Joplin’s posthumous version of the song, written by Kris Kristofferson and Fred Foster, would become one of the greatest blues rock classics, and deservedly so. Her rendition exudes the blues, imbuing the lyrics with a depth of raw aching feeling unparalleled in any other cover of the song. Even today it is revered as one of the best rock songs of all time.
            The phrasing “for me and Bobby McGee” is actually grammatical: “Good enough for me”—remember to remove the words “and Bobby McGee” to make your ear reliable again. But the phrasing ignores the grammatical etiquette of putting oneself last. (Perhaps it can be forgiven there, since “Good enough for Bobby McGee and me” just doesn’t scan.) “Me and my friend” ignores the etiquette too. But “My friend and me” is still inappropriate as a subject (doer) in a sentence. It’s a matter of grammatical case, one of the few areas where English is still an inflected language.
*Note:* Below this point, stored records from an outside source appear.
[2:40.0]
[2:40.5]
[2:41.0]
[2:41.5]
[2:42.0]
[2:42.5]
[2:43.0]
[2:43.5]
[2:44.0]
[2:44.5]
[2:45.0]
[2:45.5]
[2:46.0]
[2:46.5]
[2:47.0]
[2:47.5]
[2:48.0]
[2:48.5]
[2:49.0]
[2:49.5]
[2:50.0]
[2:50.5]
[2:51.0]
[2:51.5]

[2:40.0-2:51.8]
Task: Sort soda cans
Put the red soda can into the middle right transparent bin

That is, while meaning is usually conveyed by the placement of words in an English sentence, English words still inflect, or change their form, in a few instances. Whether a personal pronoun like I, he, she, or they changes its form to us, him, her, or them) depends on whether we're using it as the subject (doer) of a sentence (usually before, or to the left of, the verb) or as an object (usually after, or the right of the verb or preposition). So we would say, “My friend and I gave him the tickets,” but “He gave the tickets to my friend and me.) Just remember to mentally remove “and me” to make your ear reliable again. No one would be tempted to say, “He gave the tickets to I.”
          The English language—especially the vitality of spoken American English—continues to evolve every year. Who knows? Perhaps “Me and my friends went to the mall” may someday be widely embraced as grammatically correct. We used to make a distinction between shall and will when I was a boy, and we’re in the midst of such a shift with who/whom today. But we’re not quite there yet, and we’re still a far way off from “Me and my friends” as the subject of a sentence being acceptable in any formal setting. 
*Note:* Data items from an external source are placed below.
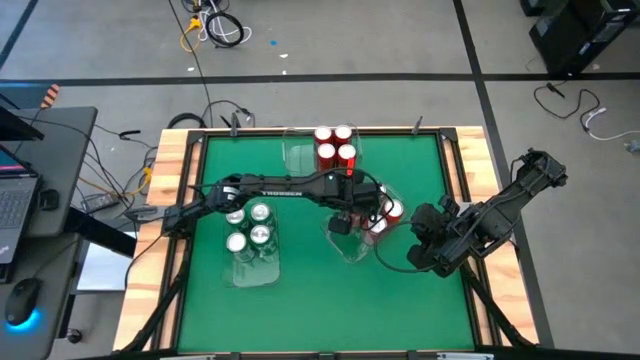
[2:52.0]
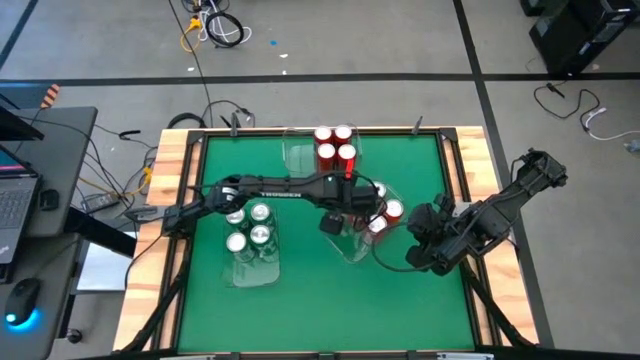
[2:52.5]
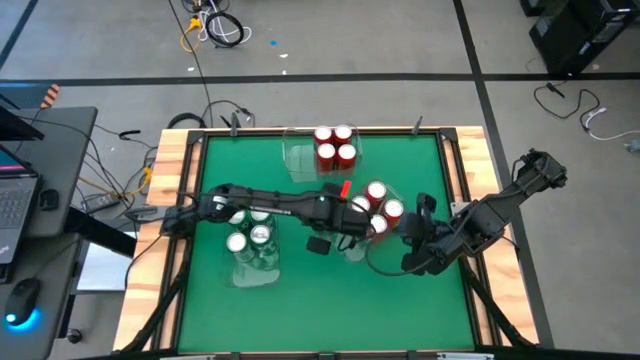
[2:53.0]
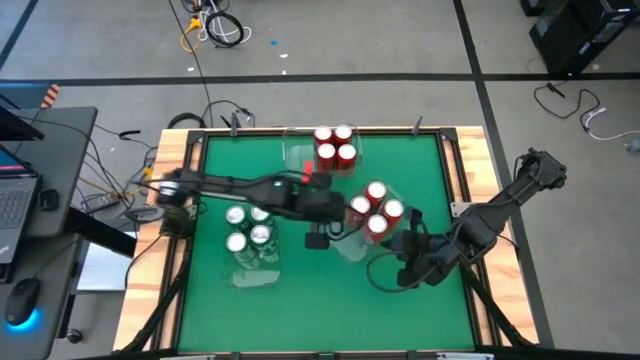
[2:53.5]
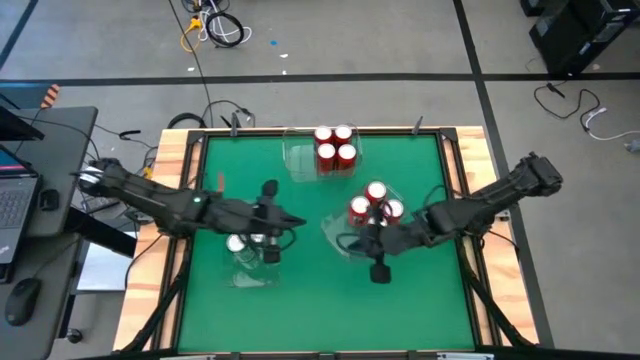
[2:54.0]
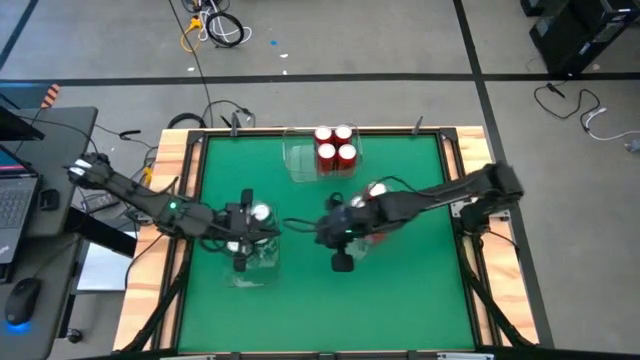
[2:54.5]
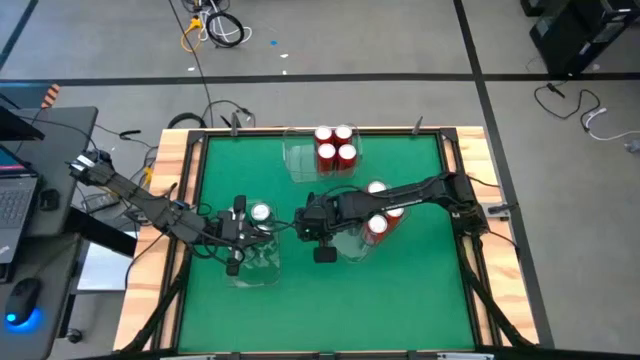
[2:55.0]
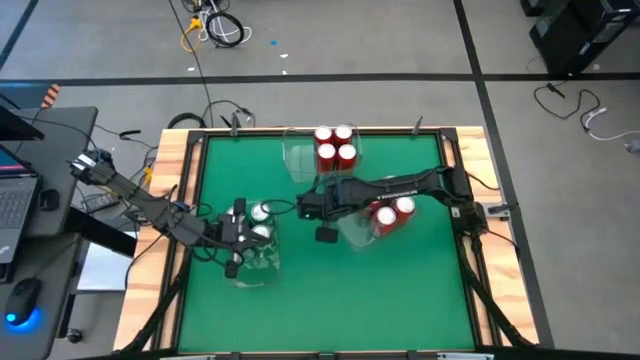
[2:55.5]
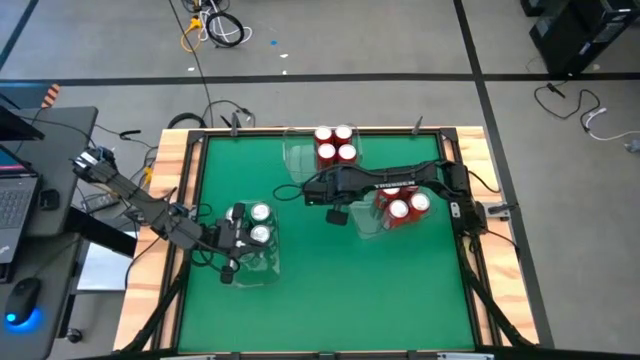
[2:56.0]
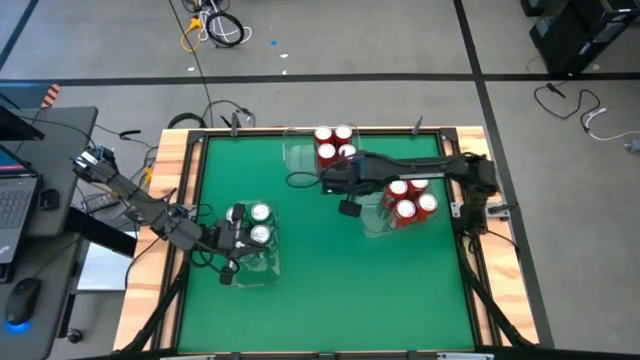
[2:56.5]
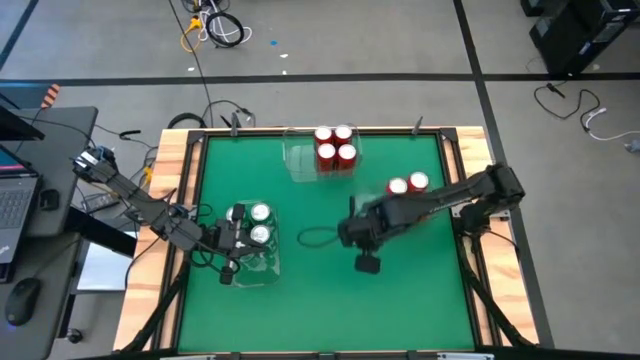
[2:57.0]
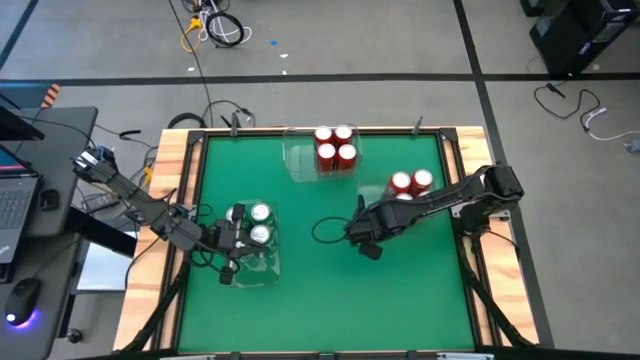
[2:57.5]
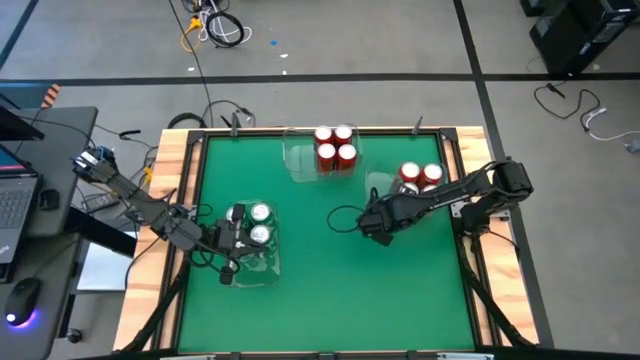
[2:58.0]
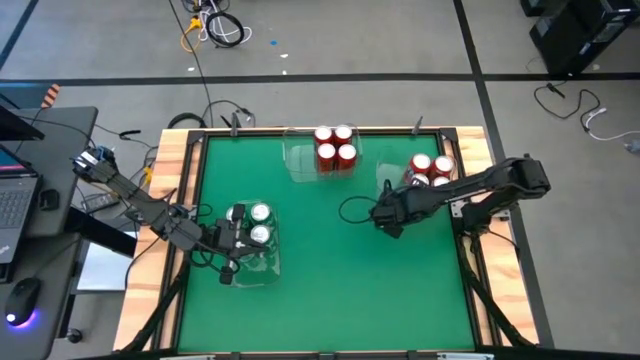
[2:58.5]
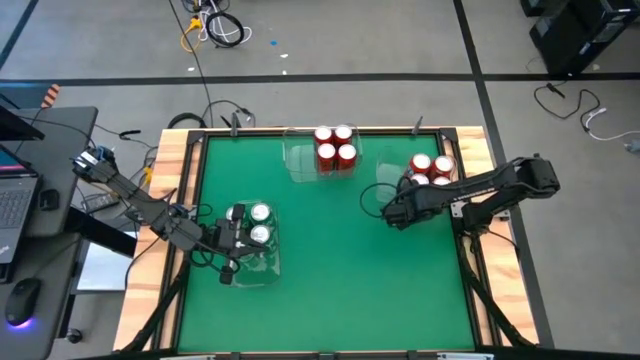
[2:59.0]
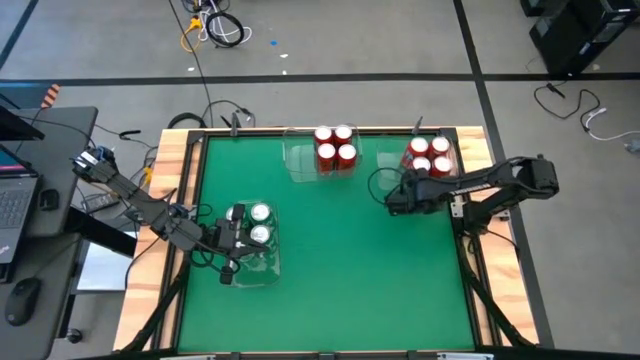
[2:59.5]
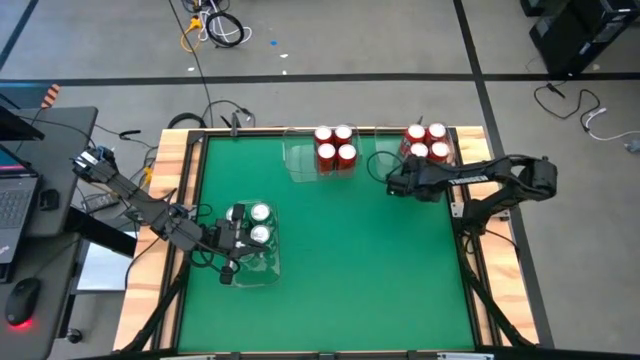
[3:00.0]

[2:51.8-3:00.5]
Move the right transparent bin to the right side of the center transparent bin

          But then, what it always comes down to, I think, is whether or not we see language as power. Among those aware of the "Me/I" distinction--and there are still many out there--which candidate is more likely to be offered the job, all other qualities being equal? The one who says, “Me and my last boss thought I should take a risk on that project.” Or the one who says, “My last boss and I . . .” ?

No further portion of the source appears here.